Könnte das Gesetz den Zugang zu Daten auch verschlechtern?

Das könnte auch passieren. Unternehmen könnten sich entscheiden, mit ihren Geräten weniger Daten zu erheben, wenn die Bereitstellung zu kompliziert ist. Wenn Unternehmen ihre Datenstrategie restriktiv neuausrichten würden, könnte das zu weniger verfügbaren Daten führen, sagte Michael Kraus von der Wirtschaftskanzlei CMS schon bei der Verabschiedung des Gesetzes. "Das würde dann dem Ziel des Data Act zuwiderlaufen."

Was erhofft sich die EU durch das Datengesetz noch?

Durch den freizügigeren Datenhandel sollen nach den Plänen der EU neue Geschäftsfelder entstehen oder bestehende wachsen. Nach Angaben der EU-Kommission werden 80 Prozent der generierten Industriedaten heute nicht genutzt, obwohl in ihnen enormes Wachstums- und Innovationspotenzial steckt.

Außerdem sollen Behörden in Ausnahmefällen wie bei Waldbränden oder Hochwasserkatastrophen auf Daten zugreifen können, die in Besitz der Privatwirtschaft sind.

Und: Große Cloud-Anbieter wie Amazon Web Services, Microsoft oder Google werden nun dazu verpflichtet, illegalen Zugriff auf Daten zu verhindern und einen leichteren Anbieterwechsel zu ermöglichen.

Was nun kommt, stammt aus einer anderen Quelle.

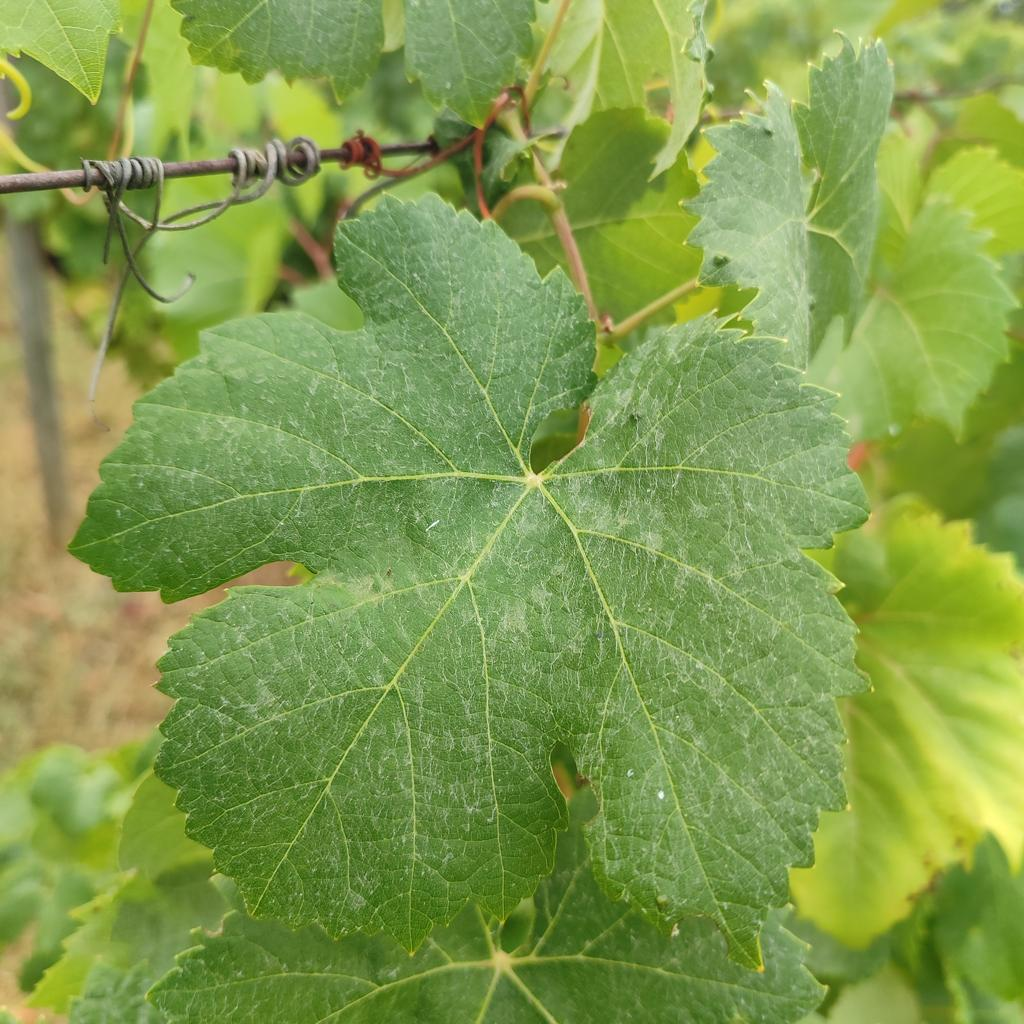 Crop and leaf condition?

Wie sehen Unternehmen das Gesetz?

Kritik gibt es etwa vom Digitalverband Bitkom und dem Bundesverband der Deutschen Industrie (BDI). In Deutschland herrsche wegen der EU-Verordnung noch viel Unsicherheit. Der Gesetzgeber habe es in der 20-monatigen Übergangsfrist nicht geschafft, die EU-Verordnung in deutsches Recht zu überführen, beklagten beide Verbände. Dadurch fehle es an klaren Ansprechpartnern bei den Behörden.

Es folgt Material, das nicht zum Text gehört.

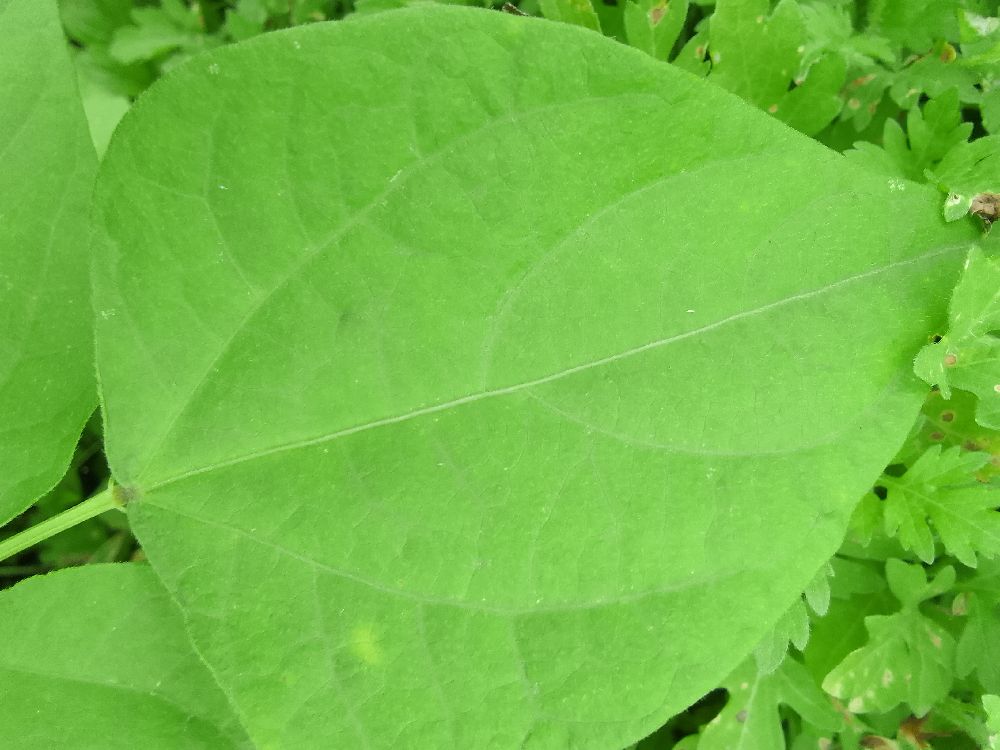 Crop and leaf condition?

common bean, healthy

Eine funktionierende Datenwirtschaft sei zentral für erfolgreiche digitale Geschäftsmodelle, fügte BDI-Co-Geschäftsführerin Iris Plöger hinzu. "Der EU-Gesetzgeber greift jedoch übermäßig in die Vertragsautonomie der Industrie ein", so Plöger.

Das kritisiert auch der deutsche Maschinenbauverband VDMA. Die Vertragsfreiheit im Datenaustausch zwischen Unternehmen habe bisher gut funktioniert. Die Regelungen, die der Data Act für den Schutz von Geschäftsgeheimnissen vorsieht, gingen nicht weit genug.

Positiv bewertete Bitkom-Präsident Ralf Wintergerst mögliche Chancen durch die EU-Verordnung. Das Gesetz könne datengetriebene Geschäftsmodelle voranbringen.